Module 7 Setting up R

R is a programming language and free software environment. The R language is widely used among statisticians and data miners for developing statistical software and data analysis. For a further overview and description of the history of R see Chapter 2 in Peng (2018). R can be run from a terminal but in general you use an IDE (integrated development environment) RStudio for running R and to saving your work.

R and RStudio can either be run from your laptop or using Posit Cloud which run R in the cloud using your browser. During this course it is recommend that you have R and RStudio installed on your laptop and use it to solve your exercises. Moreover, you are going to use the laptop version at the exam. We may use Posit Cloud during the lectures. Some pros and cons of using R in the cloud vs on the laptop are

Cloud (Posit Cloud)

Pros:

  • Log in and you are ready to use R.
  • No need to download anything.
  • Packages easier to install.
  • Everything can be run using a browser.

Cons:

  • There is a limit on user time and CPU time. You need to pay if need more time.
  • Often slower than the desktop version.
  • Need an internet connection.
  • Risky to use at the exam if the internet connection is slow or is down. Use the laptop version instead.

Laptop (R and RStudio)

Pros:

  • Can be used without any internet connection.
  • No limit on user time and CPU usage.
  • Good if computations takes a lot of time.

Cons:

  • You need to install R and RStudio to get started.
  • Packages must be installed.
  • Other needed programs may have to be installed.
  • Updates must be installed.

Learning path diagram

Click/hover the nodes to follow links and see details.

If you like a different learning style there is a lot for videos about R online. The videos have been pointed out as extra online supplements in the learning path diagram. However, they are not part of curriculum.

7.1 Learning outcomes

By the end of this module, you are expected to have:

  • Installed R and RStudio on your laptop.
  • Tested R and RStudio on your laptop.
  • Installed some packages on your laptop
  • Signed up on Posit Cloud and tested it.

The learning outcomes relate to the overall learning goal number 5 of the course.

7.2 Install R and RStudio

R is a programming language and free software environment. The R language is widely used among statisticians and data miners for developing statistical software and data analysis. For a further overview and description of the history of R see Chapter 2 in Peng (2018). To run R you need to install it on your computer. Moreover, you need the IDE (integrated development environment) RStudio to save your work.

  • If you have a pre-existing installation of R and/or RStudio, reinstall both to the latest versions. It can be considerably harder to run old software than new.
  • Install R from CRAN (Comprehensive R Archive Network). Install the latest precompiled binary distribution for your operating system (use the links at the top of the CRAN page). I you are using a mac also install Xcode using the terminal and the GNU Fortran compiler see here.
  • Install the desktop version of RStudio, a powerful user interface for R.
  • Under Windows it is a good idea to always open R with administrator rights:
    • Add a shortcut for RStudio (e.g. to the taskbar or desktop).
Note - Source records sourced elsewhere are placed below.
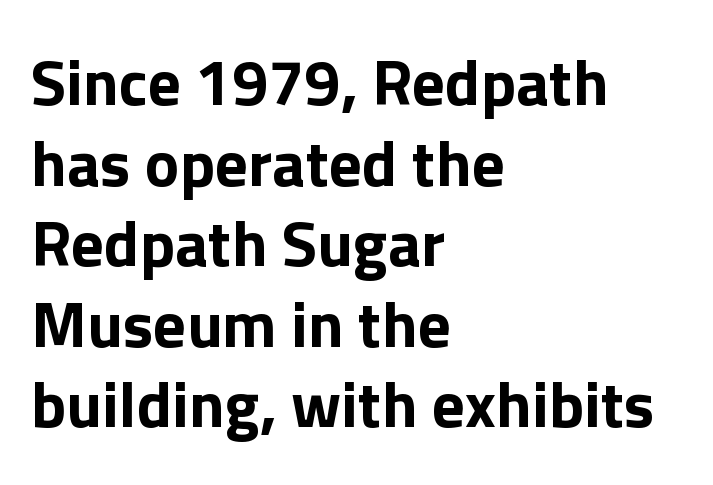
Q: Is the text bold? A: Yes.
Q: Is the text italic (slanted)? A: No, it is upright.
Q: Is the typeface a serif or a sans-serif typeface? A: Sans-serif.
Q: Is the text underlined? A: No.
Q: How is the paragraph aligned? A: Left-aligned.
Q: Is the spacing between letters normal or unusually wide? A: Normal.
Q: Width (condensed, normal, or wide)? A: Normal.
Q: x-height? A: Medium.
Q: Monospaced? A: No.

    • Ctrl+Shift+Right-Click the shortcut and choose Properties:

      Choose Properties
      Choose Properties
    • Under Shortcut click Advanced and set Run as administrator

      You now always can open RStudio with this shortcut.

7.2.1 Test your installation

  • Do whatever is appropriate for your OS to launch RStudio. You should get a window similar to the screenshot you have here, but yours will be more boring because you have not written any code or made any figures yet.

  • Put your cursor in the pane labeled Console, which is where you interact with the live R process. Create a simple object using code like x <- 2 * 4 (followed by enter or return). Then inspect the x object by typing x followed by enter or return. You should see the value 8 print to screen. If yes, you have succeeded in installing R and RStudio.

  • Try to open a new file File > New File > New RMarkdown…. Use the defaults and press OK. Next save the file and compile it using Knit (Ctrl+Shift+K). You have now compiled a document with R code embedded.

7.2.2 Add-on packages

R is an extensible system and many people share useful codes they have developed as a package via CRAN or GitHub. To install a package from CRAN, for example the dplyr package for data manipulation, one way to do it is in the R console.

install.packages("dplyr", dependencies = TRUE)

By including dependencies = TRUE, we are being explicit and extra careful to install any additional packages the target package, dplyr in the example above is dependent on.

  • Install the package tidyverse which is in fact a bundle of packages by running (note this operation may take a long time):
install.packages("tidyverse", dependencies = TRUE)
  • Check if you have successfully installed tidyverse by loading the package:
library(tidyverse)
  • If your install was unsuccessful try to install the packages who fails one by one.

You may also see this short video explaining what packages are.

7.3 Setup and test Posit Cloud

Posit Cloud works as your laptop version except that a workspace with projects for each module already is created.

  • Join the Tools for Analytics workspace on Posit Cloud (signup if you have not done it yet).
  • Click the Projects link (in the top) and open the project TM7. A personal copy of the project is loaded for you.
  • Put your cursor in the pane labelled Console, which is where you interact with the live R process. Create a simple object using code like x <- 2 * 4 (followed by enter or return). Then inspect the x object by typing x followed by enter or return. You should see the value 8 print to screen.
  • Try to open a new file File > New File > New RMarkdown…. Use the defaults and press OK. Next save the file and compile it using Knit (Ctrl+Shift+K). You have now compiled a document with R code embedded.

References

Peng, R. D. 2018. R Programming for Data Science. https://bookdown.org/rdpeng/rprogdatascience/.